▼▼▼
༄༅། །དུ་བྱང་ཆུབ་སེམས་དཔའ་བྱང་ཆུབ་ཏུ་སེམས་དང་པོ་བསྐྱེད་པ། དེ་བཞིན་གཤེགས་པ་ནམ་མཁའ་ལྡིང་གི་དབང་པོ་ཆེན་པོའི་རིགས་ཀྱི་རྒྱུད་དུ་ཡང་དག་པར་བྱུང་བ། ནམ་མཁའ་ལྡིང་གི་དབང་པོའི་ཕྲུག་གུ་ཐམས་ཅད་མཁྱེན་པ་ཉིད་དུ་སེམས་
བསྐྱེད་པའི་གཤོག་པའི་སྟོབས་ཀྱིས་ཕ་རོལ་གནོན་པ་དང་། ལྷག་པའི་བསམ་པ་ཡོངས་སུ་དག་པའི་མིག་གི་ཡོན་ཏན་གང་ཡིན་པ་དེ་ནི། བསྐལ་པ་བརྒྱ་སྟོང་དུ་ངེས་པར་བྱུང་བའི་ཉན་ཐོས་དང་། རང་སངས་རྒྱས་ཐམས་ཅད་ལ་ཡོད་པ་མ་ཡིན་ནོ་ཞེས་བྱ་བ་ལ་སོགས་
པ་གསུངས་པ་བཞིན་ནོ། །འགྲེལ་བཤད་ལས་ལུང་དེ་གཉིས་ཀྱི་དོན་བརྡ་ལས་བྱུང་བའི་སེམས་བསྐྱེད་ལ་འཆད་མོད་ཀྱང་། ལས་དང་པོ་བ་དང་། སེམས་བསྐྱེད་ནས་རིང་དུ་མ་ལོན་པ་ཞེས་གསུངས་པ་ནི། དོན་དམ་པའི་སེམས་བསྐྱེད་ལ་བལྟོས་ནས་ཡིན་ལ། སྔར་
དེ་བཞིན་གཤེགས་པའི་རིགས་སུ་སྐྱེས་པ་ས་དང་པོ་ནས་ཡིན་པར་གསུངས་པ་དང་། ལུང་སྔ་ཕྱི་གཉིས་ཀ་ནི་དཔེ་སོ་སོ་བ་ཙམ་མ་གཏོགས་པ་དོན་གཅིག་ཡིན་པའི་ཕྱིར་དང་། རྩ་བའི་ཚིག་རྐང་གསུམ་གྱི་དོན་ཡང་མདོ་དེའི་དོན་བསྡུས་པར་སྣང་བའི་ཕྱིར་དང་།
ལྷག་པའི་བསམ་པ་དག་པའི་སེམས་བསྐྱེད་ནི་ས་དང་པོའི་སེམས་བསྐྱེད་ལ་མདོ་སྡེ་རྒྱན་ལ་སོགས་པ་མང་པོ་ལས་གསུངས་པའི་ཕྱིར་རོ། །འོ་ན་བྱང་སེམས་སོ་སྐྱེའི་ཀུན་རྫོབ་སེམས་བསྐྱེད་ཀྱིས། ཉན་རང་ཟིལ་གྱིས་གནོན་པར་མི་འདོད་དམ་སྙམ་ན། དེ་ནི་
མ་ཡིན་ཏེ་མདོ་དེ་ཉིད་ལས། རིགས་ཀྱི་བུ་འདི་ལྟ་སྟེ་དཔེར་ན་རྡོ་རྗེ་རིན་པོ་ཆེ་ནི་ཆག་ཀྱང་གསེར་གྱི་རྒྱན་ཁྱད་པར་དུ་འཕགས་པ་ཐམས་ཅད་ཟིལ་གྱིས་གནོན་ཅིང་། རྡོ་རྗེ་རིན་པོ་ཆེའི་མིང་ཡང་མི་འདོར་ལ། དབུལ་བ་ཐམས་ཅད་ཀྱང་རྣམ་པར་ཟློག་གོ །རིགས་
▲▲▲
◆ WORK INSTRUCTIONS ◆
Set down the data above once more so that nothing differs from the original.

◆ WRITTEN SOLUTION ◆
༄༅། །དུ་བྱང་ཆུབ་སེམས་དཔའ་བྱང་ཆུབ་ཏུ་སེམས་དང་པོ་བསྐྱེད་པ། དེ་བཞིན་གཤེགས་པ་ནམ་མཁའ་ལྡིང་གི་དབང་པོ་ཆེན་པོའི་རིགས་ཀྱི་རྒྱུད་དུ་ཡང་དག་པར་བྱུང་བ། ནམ་མཁའ་ལྡིང་གི་དབང་པོའི་ཕྲུག་གུ་ཐམས་ཅད་མཁྱེན་པ་ཉིད་དུ་སེམས་
བསྐྱེད་པའི་གཤོག་པའི་སྟོབས་ཀྱིས་ཕ་རོལ་གནོན་པ་དང་། ལྷག་པའི་བསམ་པ་ཡོངས་སུ་དག་པའི་མིག་གི་ཡོན་ཏན་གང་ཡིན་པ་དེ་ནི། བསྐལ་པ་བརྒྱ་སྟོང་དུ་ངེས་པར་བྱུང་བའི་ཉན་ཐོས་དང་། རང་སངས་རྒྱས་ཐམས་ཅད་ལ་ཡོད་པ་མ་ཡིན་ནོ་ཞེས་བྱ་བ་ལ་སོགས་
པ་གསུངས་པ་བཞིན་ནོ། །འགྲེལ་བཤད་ལས་ལུང་དེ་གཉིས་ཀྱི་དོན་བརྡ་ལས་བྱུང་བའི་སེམས་བསྐྱེད་ལ་འཆད་མོད་ཀྱང་། ལས་དང་པོ་བ་དང་། སེམས་བསྐྱེད་ནས་རིང་དུ་མ་ལོན་པ་ཞེས་གསུངས་པ་ནི། དོན་དམ་པའི་སེམས་བསྐྱེད་ལ་བལྟོས་ནས་ཡིན་ལ། སྔར་
དེ་བཞིན་གཤེགས་པའི་རིགས་སུ་སྐྱེས་པ་ས་དང་པོ་ནས་ཡིན་པར་གསུངས་པ་དང་། ལུང་སྔ་ཕྱི་གཉིས་ཀ་ནི་དཔེ་སོ་སོ་བ་ཙམ་མ་གཏོགས་པ་དོན་གཅིག་ཡིན་པའི་ཕྱིར་དང་། རྩ་བའི་ཚིག་རྐང་གསུམ་གྱི་དོན་ཡང་མདོ་དེའི་དོན་བསྡུས་པར་སྣང་བའི་ཕྱིར་དང་།
ལྷག་པའི་བསམ་པ་དག་པའི་སེམས་བསྐྱེད་ནི་ས་དང་པོའི་སེམས་བསྐྱེད་ལ་མདོ་སྡེ་རྒྱན་ལ་སོགས་པ་མང་པོ་ལས་གསུངས་པའི་ཕྱིར་རོ། །འོ་ན་བྱང་སེམས་སོ་སྐྱེའི་ཀུན་རྫོབ་སེམས་བསྐྱེད་ཀྱིས། ཉན་རང་ཟིལ་གྱིས་གནོན་པར་མི་འདོད་དམ་སྙམ་ན། དེ་ནི་
མ་ཡིན་ཏེ་མདོ་དེ་ཉིད་ལས། རིགས་ཀྱི་བུ་འདི་ལྟ་སྟེ་དཔེར་ན་རྡོ་རྗེ་རིན་པོ་ཆེ་ནི་ཆག་ཀྱང་གསེར་གྱི་རྒྱན་ཁྱད་པར་དུ་འཕགས་པ་ཐམས་ཅད་ཟིལ་གྱིས་གནོན་ཅིང་། རྡོ་རྗེ་རིན་པོ་ཆེའི་མིང་ཡང་མི་འདོར་ལ། དབུལ་བ་ཐམས་ཅད་ཀྱང་རྣམ་པར་ཟློག་གོ །རིགས་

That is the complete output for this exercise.